As reflected in the wizardly wisdom at the beginning of this paper, though psychological stress may often “all be in our heads”, it can still have very real effects on physiology, and ultimately, health. Initial evidence suggests that neural regions implicated in processing threat, safety, and the self and others are related to physiological responses to stress, but much more research is needed to fully understand these relationships. It is an exciting time, as the “black box” of the brain can now be opened and we can begin to identify the neurocognitive processes that translate stressful situations into physiological changes that are relevant for health.
The authors would like to thank George Slavich, Tristen Inagaki, Alexandra Dupont, and members of the UCLA Social & Affective Neuroscience Lab for their helpful comments on previous drafts of this paper. Preparation of this article was supported by an NSF Graduate Research Fellowship (to KAM), a pre-doctoral NRSA training fellowship (T32 MH015750-31A1 to KAM), and a National Institutes of Mental Health grant (R01MH091352 to NIE).

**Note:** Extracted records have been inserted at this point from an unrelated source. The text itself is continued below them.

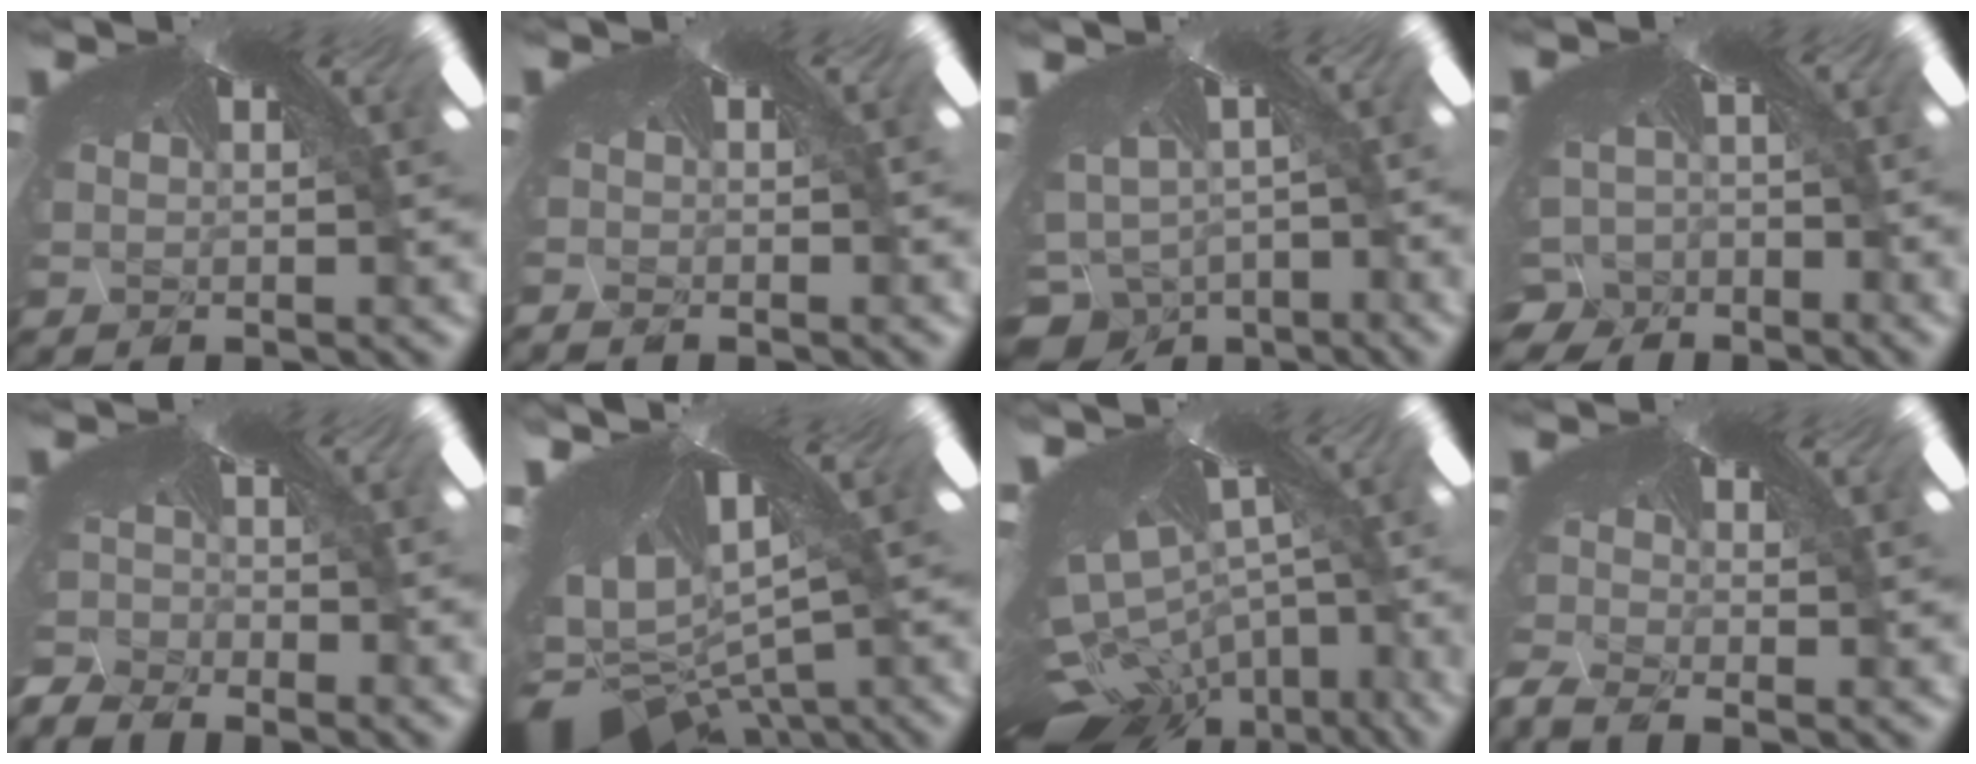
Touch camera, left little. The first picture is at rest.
{"total": 1.8, "force": [-1.4, -1.0, -0.5], "torque": [0.007, -0.008, -0.011]}
{"total": 9.2, "force": [-8.9, 2.4, -0.2], "torque": [-0.006, -0.097, -0.108]}
{"total": 7.3, "force": [-6.8, 2.4, 0.8], "torque": [-0.032, -0.067, -0.085]}
{"total": 10.4, "force": [-10.4, 0.3, 1.0], "torque": [-0.013, -0.062, -0.152]}
{"total": 7.4, "force": [-7.4, 0.5, 0.5], "torque": [-0.068, -0.100, -0.090]}
{"total": 10.4, "force": [-10.4, 0.4, -0.4], "torque": [-0.011, -0.092, -0.136]}
{"total": 5.7, "force": [-5.7, 0.1, 0.9], "torque": [-0.032, -0.065, -0.055]}
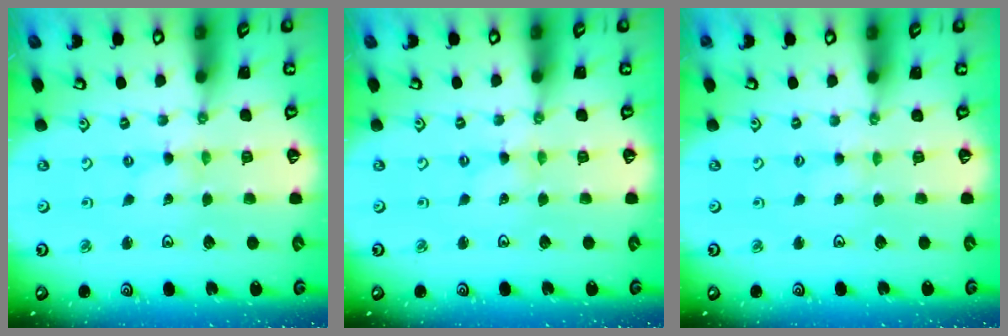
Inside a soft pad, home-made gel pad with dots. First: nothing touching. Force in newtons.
{"total": 0.0}
{"total": 1.5, "press": 1.4, "slide": 0.3}
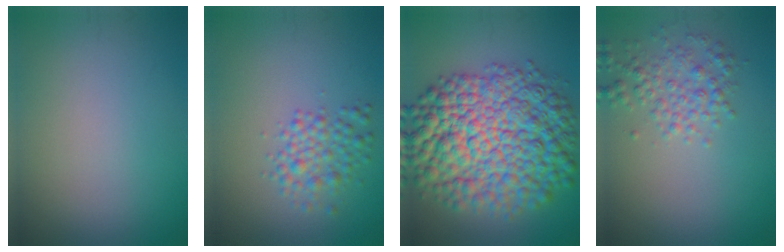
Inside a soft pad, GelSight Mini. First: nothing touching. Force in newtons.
{"total": 2.8, "press": 2.8, "slide": 0.0}
{"total": 14.3, "press": 14.3, "slide": 0.3}
{"total": 2.8, "press": 2.8, "slide": 0.1}
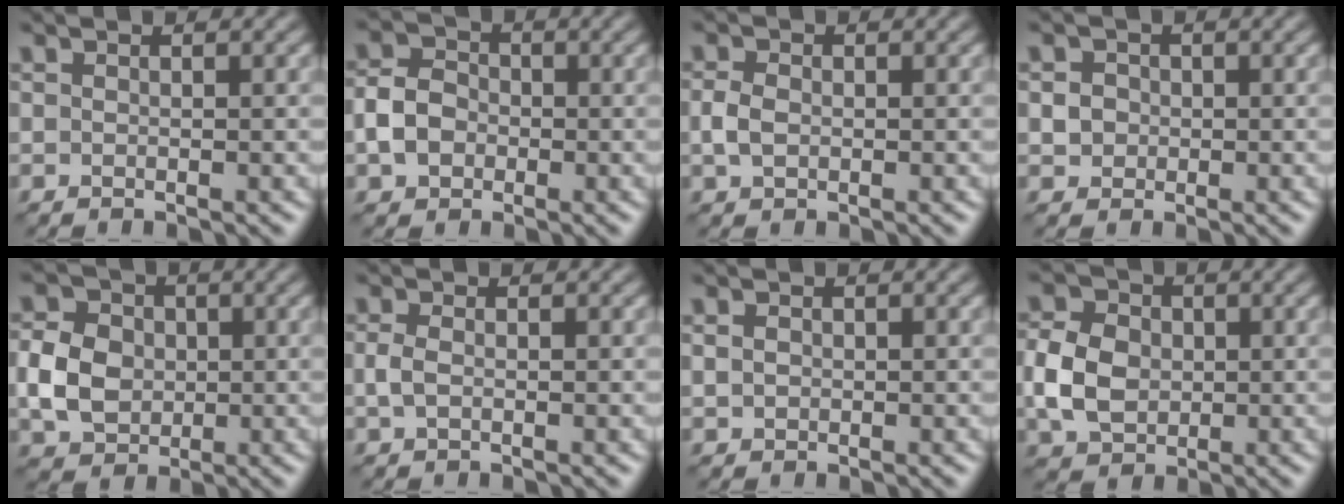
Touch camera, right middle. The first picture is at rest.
{"total": 3.6, "force": [-0.9, 2.9, 2.0], "torque": [-0.042, 0.005, -0.020]}
{"total": 2.0, "force": [-0.1, 1.5, 1.3], "torque": [-0.032, 0.002, -0.003]}
{"total": 1.9, "force": [0.2, 1.7, 0.7], "torque": [-0.007, 0.006, 0.005]}
{"total": 5.3, "force": [-0.3, 4.4, 3.0], "torque": [-0.070, 0.008, -0.012]}
{"total": 1.4, "force": [-0.1, 0.8, 1.1], "torque": [-0.028, 0.002, -0.004]}
{"total": 1.0, "force": [0.1, 0.8, 0.5], "torque": [-0.010, 0.002, 0.003]}
{"total": 5.9, "force": [-0.3, 4.6, 3.6], "torque": [-0.087, 0.008, -0.015]}
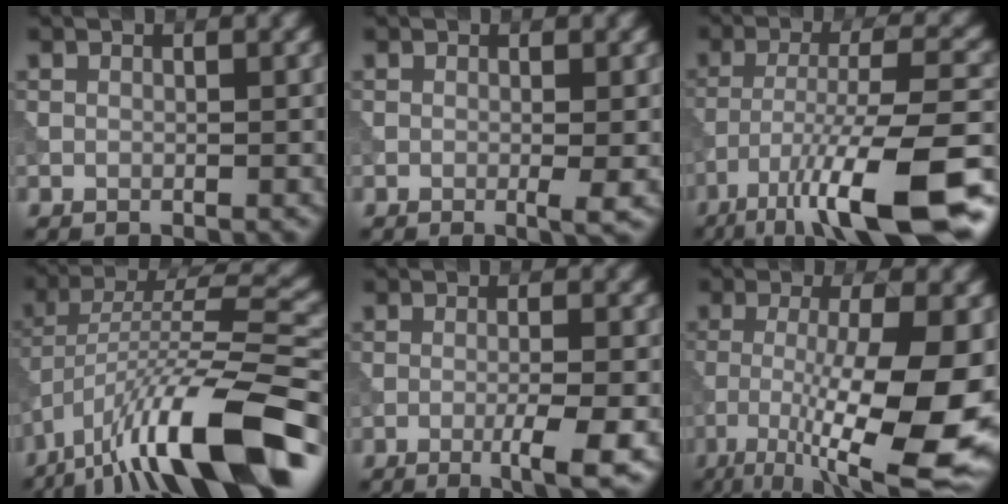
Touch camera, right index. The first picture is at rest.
{"total": 1.7, "force": [-0.3, 0.2, 1.6], "torque": [-0.025, -0.006, -0.005]}
{"total": 14.0, "force": [-8.3, 3.3, 10.8], "torque": [-0.188, -0.005, -0.137]}
{"total": 14.8, "force": [-8.7, 4.1, 11.2], "torque": [-0.189, 0.017, -0.151]}
{"total": 4.4, "force": [-1.7, 0.6, 4.1], "torque": [-0.063, 0.000, -0.028]}
{"total": 12.9, "force": [-4.2, 3.2, 11.8], "torque": [-0.201, -0.022, -0.064]}
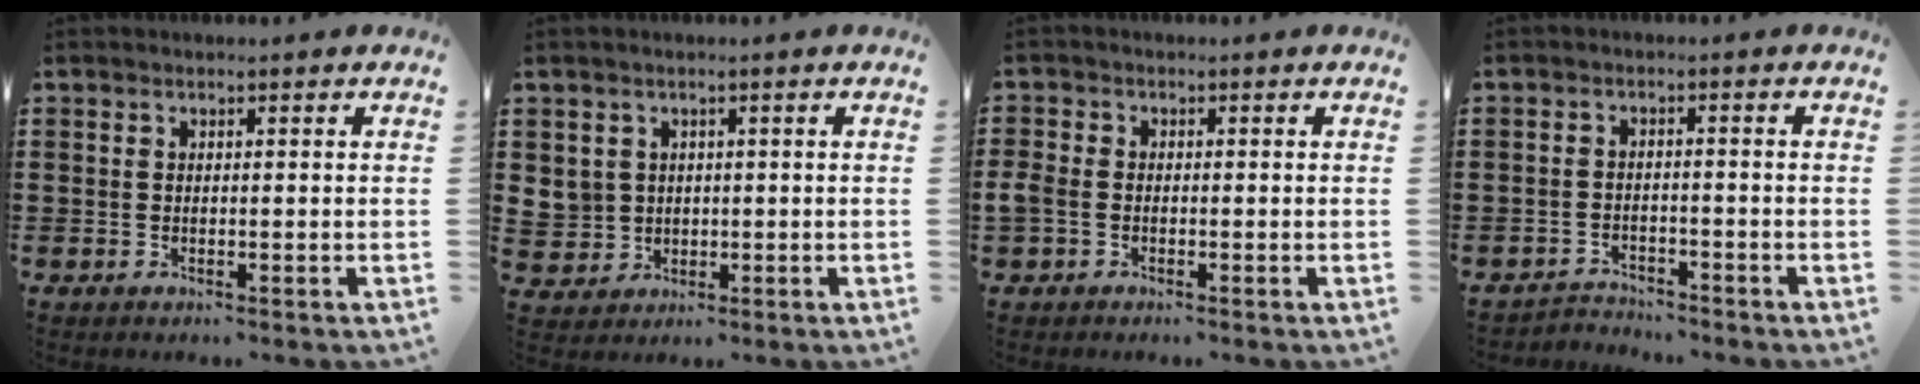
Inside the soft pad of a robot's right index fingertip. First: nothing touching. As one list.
[{"total": 3.4, "force": [0.6, 3.3, 0.3], "torque": [-0.025, 0.010, 0.011]}, {"total": 1.9, "force": [-1.0, 1.3, 1.0], "torque": [-0.036, -0.003, -0.024]}, {"total": 2.5, "force": [-2.5, 0.4, -0.2], "torque": [-0.005, 0.000, -0.055]}]
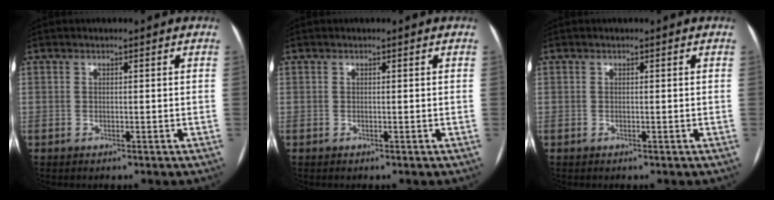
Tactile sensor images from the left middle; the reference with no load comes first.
{"total": 0.0}
{"total": 0.0}
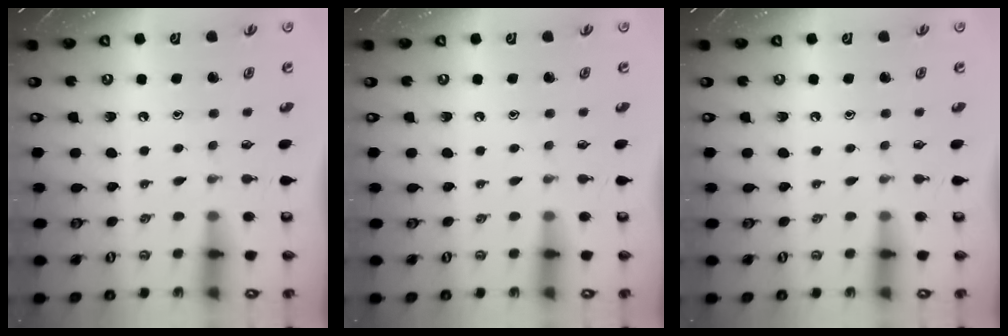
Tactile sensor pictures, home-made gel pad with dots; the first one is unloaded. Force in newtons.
{"total": 0.0}
{"total": 0.0}
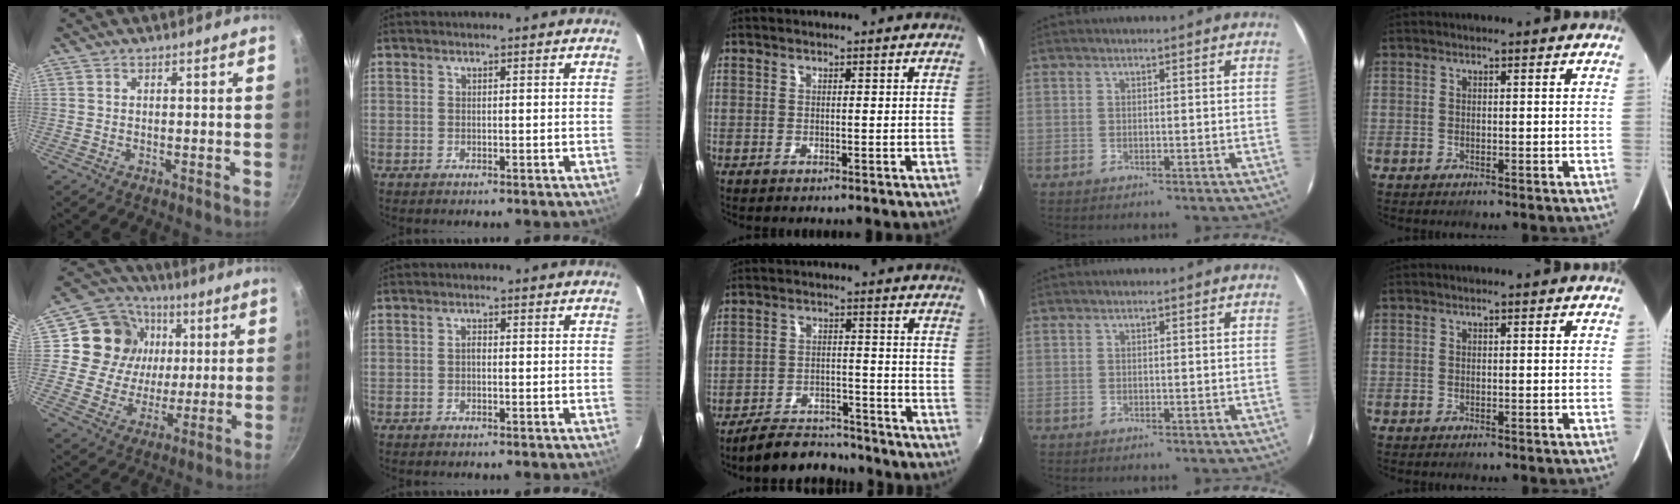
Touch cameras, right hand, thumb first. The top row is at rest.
{"thumb": {"total": 16.7, "force": [3.7, 14.9, 6.6], "torque": [-0.095, 0.006, 0.057]}, "index": {"total": 0.8, "force": [-0.2, 0.5, 0.5], "torque": [-0.010, 0.005, -0.005]}, "middle": {"total": 9.8, "force": [-9.1, 2.6, 2.6], "torque": [-0.072, 0.008, -0.133]}}
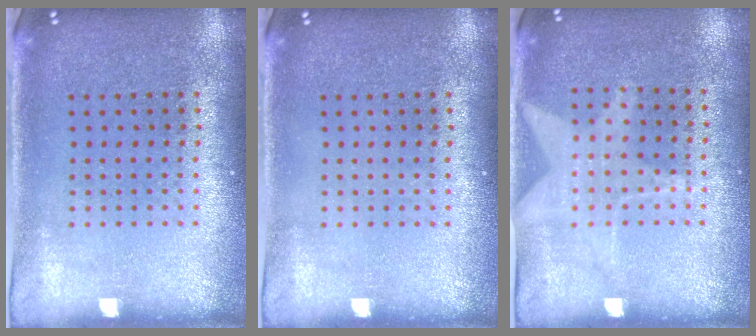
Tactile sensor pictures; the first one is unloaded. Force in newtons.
{"total": 0.0}
{"total": 1.2, "press": 0.9, "slide": 0.8}
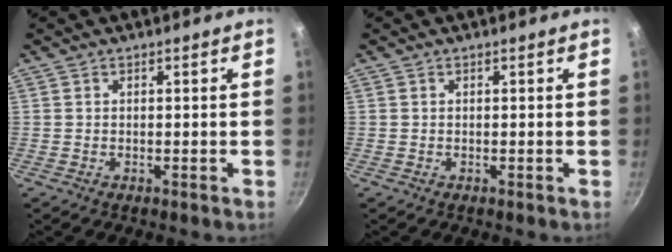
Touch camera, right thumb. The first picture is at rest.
{"total": 0.0}
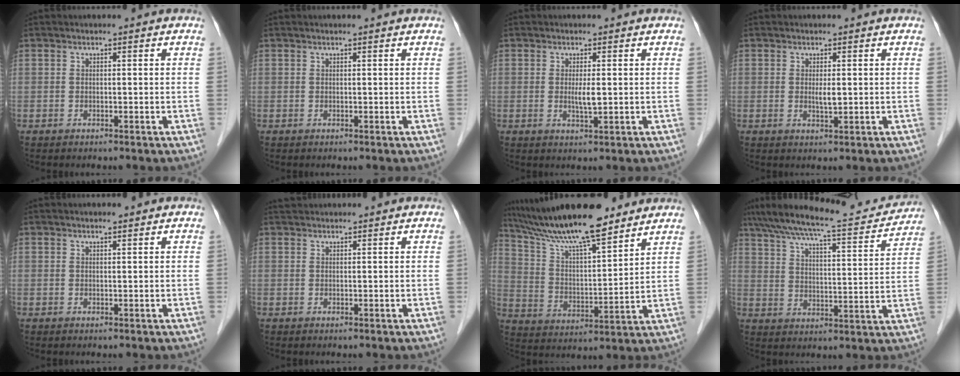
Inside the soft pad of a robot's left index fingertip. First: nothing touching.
{"total": 1.1, "force": [0.9, 0.0, 0.5], "torque": [-0.007, 0.015, 0.017]}
{"total": 2.3, "force": [0.1, 0.2, 2.2], "torque": [-0.046, -0.005, 0.004]}
{"total": 1.6, "force": [0.2, 0.3, 1.6], "torque": [-0.032, -0.004, 0.006]}
{"total": 1.0, "force": [0.9, 0.1, 0.5], "torque": [-0.010, 0.003, 0.017]}
{"total": 2.7, "force": [2.6, 0.5, 0.5], "torque": [-0.006, 0.033, 0.045]}
{"total": 16.7, "force": [14.1, 2.1, 8.7], "torque": [-0.156, 0.013, 0.249]}
{"total": 19.5, "force": [18.0, 1.6, 7.2], "torque": [-0.130, -0.003, 0.258]}

1Under non-stressful conditions, increases in blood pressure are typically associated with decreases in heart rate, and this inverse relationship is mediated by a set of specialized neurons called baroreceptors. Baroreceptors, which respond to increases in blood pressure, increase their firing rate to initiate decelerations in heart rate, a phenomenon known as the baroreflex (Dampney, 1994). Under conditions of stress, the baroreflex is suppressed, thus unlinking the inverse relationship between blood pressure and heart rate and allowing for simultaneous rises in both (Gianaros et al., 2011).